Profit after tax for the period ended 31 st March 2024 grew by 25% to a record Kshs.16 billion compared to a similar period last year. Differentiated strong leadership decision making, and an agile balance sheet drove the swift recovery. Bold decisive actions saw growth in deposits placements to 11% compared to the deposits growth of 29% registered for the year ended 31 st December 2023, as the Group skipped expensive deposits. Growth in long-term borrowed funds saw a decline of 21% year on year for the period ended 31 st March 2024 as the Group paid out maturing repriced expensive dollar denominated loans.

Given the elevated credit risk characterized by high non-performing loans environment, the Group enhanced credit risk underwriting resulting to a 3% year on year growth in loan book as at 31 st March 2024 compared to a 26% growth rate for the year ended 31 st December 2023. This also led to re-allocation of lending from private sector credit to public sector lending through government securities, which grew to 21%. Consequently, the cost of credit risk dropped to 2.9% for the period to 31 st March 2024 from 4.4% for the year ended 31 st December 2023.

The loan to deposit ratio stood at 63% as at 31 st March 2024 compared to 65.3% as at 31 st December 2023.
There was slow customer deposits growth and decline in long-term loans yielding a lower year on year growth of interest expense for the reporting period to 31 st March 2024 to 41% compared to 53% for the year ended 31 st December 2023.

Interest income for the period to 31 st March 2024 grew to 33% compared to 30% for the year ended 31 st December 2023. Growth of net interest income accelerated to 28% for the period ended 31 st March 2024 compared to 21% for the year ended 31 st December 2023. Provisions grew to 84% for the period ended 31 st March 2024 compared to the 139% for the year ended 31 st December 2023.

NPL coverage as at 31 st March 2024 reporting improved to 68.5% compared to 67.3% reported on 31 st December 2023.
reportedly, Through the company’s efficiency pursuits at the operational level, growth in total costs declined from 52% for the year to 31 st December 2023 to a growth of 28% for the period to 31 st March 2024. This decline in total costs effectively improved cost to income ratio for the period to 31 st March to 47.1% down from 52.3% for the period to 31 st December 2023. In addition, digitization and automation of processes has significantly enhanced convenience and ease to customers in self- serving using own devices and 3 rd party infrastructure which has shifted the cost structure of the Group from fixed cost to variable costs.

While releasing the results Dr James Mwangi, Equity Group Managing Director and CEO said, “The recovery momentum is strong after accepting and adapting to the new normal of operating in an environment characterized by Volatility, Uncertainty, Complexity and Ambiguity – VUCA.An environment defined by high inflation, interest rates and volatile currency exchange rates.”

As deliberate decisions and actions stabilize the internal operating environment while adjusting strategic intents to new scenarios of the new normal, the external operating environment continued to experience volatile, complex, uncertain, and ambiguous macro-economic turbulence of extreme volatility in currency exchange rates and high interest rates and inflation.
The resultant business shocks saw balance sheet growth slow down to 10% compared to 26% registered for the year ending 31 st December 2023. Loan uptake year on year to 31 st March 2024 grew at 3% compared to a growth of 26% for the period to 31 st December 2023.

Customer deposits growth matched the decline on balance sheet growth to record 11% compared to 29%
growth to 31 st December 2023. Early signs of calmness in the global macro environment are visible with declining inflation, peaking of interest rates and early signals of green shoots.

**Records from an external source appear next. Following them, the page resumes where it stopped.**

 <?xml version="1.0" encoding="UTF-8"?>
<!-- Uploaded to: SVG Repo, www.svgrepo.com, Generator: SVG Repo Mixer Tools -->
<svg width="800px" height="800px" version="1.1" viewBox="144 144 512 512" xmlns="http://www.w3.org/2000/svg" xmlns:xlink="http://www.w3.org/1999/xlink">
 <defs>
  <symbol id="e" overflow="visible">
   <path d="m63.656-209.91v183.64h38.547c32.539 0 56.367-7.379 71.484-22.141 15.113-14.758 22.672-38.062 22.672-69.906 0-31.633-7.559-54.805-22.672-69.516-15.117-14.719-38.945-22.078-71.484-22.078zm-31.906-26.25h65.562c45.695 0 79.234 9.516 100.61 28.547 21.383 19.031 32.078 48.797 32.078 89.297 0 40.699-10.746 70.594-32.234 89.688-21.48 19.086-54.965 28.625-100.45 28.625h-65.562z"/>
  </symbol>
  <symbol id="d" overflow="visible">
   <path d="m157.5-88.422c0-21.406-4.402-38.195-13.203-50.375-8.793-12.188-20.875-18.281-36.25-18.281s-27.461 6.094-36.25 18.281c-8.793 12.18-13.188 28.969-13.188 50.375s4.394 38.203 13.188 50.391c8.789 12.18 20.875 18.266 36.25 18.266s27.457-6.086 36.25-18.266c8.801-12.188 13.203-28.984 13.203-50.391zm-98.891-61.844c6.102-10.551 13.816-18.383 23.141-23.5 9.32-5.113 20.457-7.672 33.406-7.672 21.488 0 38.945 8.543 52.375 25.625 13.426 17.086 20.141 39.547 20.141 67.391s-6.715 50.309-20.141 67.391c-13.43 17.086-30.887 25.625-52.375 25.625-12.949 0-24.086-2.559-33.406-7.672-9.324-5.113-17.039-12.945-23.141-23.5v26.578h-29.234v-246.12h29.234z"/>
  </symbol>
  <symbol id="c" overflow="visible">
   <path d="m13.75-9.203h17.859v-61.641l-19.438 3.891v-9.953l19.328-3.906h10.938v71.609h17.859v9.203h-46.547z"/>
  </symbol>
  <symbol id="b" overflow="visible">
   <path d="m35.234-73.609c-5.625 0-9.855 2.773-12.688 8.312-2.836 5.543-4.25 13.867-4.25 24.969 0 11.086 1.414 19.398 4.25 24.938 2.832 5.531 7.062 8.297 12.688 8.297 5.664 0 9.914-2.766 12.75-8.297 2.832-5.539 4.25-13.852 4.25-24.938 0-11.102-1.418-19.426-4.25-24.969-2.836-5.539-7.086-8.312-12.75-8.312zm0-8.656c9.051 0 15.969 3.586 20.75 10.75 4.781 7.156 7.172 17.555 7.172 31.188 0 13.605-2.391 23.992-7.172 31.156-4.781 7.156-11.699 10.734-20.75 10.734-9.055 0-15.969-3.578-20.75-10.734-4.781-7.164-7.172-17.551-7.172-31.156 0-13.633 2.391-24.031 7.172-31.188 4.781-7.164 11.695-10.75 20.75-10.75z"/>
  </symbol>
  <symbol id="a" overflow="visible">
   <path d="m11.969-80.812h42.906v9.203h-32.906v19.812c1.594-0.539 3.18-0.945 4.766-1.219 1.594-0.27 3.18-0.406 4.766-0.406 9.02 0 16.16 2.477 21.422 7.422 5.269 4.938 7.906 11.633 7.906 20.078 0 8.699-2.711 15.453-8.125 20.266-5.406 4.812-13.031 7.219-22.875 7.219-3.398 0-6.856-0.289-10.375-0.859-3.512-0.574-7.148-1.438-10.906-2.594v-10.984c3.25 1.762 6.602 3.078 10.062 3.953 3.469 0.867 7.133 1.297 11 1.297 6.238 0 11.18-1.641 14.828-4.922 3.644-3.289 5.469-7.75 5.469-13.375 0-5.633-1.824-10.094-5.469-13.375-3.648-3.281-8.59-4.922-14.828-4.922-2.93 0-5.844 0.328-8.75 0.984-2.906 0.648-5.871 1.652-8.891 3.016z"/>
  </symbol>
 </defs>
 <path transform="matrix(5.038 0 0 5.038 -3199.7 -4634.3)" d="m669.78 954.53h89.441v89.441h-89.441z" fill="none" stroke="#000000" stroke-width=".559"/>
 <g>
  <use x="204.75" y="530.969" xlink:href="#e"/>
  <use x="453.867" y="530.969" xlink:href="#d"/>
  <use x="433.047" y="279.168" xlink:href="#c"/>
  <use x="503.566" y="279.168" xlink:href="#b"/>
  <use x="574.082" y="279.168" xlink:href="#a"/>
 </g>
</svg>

At the domestic front, inflation has started to decline, interest rates have peaked, exchange rate volatility has reduced, and the East and Central African region shows signs of renewed growth.

The Group’s mark to market losses have reduced to Kshs 48.4 billion from a high of Kshs 78 billion in 3 rd quarter of 2023. The strong defensive strategy anchored on strong governance, leadership and strong values-based organization culture that emphasizes execution and performance, effective and efficient systems, processes and procedures, and a strong customer-centric value proposition of affordability and high-quality products and services delivered with
ease and simplicity underpins the recovery and turnaround.

Equity Group’s strategy to evolve with the needs of its customers and the economies it helps to connect and integrate has led to business diversification beyond financial inclusion by diversifying offering and moving up the value chain as it scales and connects fragmented supply chains and trade routes. As a result of business and product diversification, non-funded income contributed 43.9% of the total income of Kshs.49.6 billion at Kshs.21.8 billion. Treasury contributed 30% of all gross income of Kshs 64.8 billion at Kshs.19.6 billion while Trade Finance revenue grew at 22% to Kshs. 3.1 billion whilst off balance sheet Trade Finance facilitation grew by 23% to Kshs.205.6 billion.


The new life insurance business took a strong start with robust growth in its second year of operations. Profit after tax grew 106% to Kshs.321 million while total insurance assets grew by 288% to close at Kshs.20.8 billion while return on average Equity grew 25% to 54% up from 43% whilst posting a positive Insurance Service Result, indicative of strong underwriting practices.

This confirms that there is a significant opportunity in insurance by providing relevant, innovative and technology driven solutions to the underserved.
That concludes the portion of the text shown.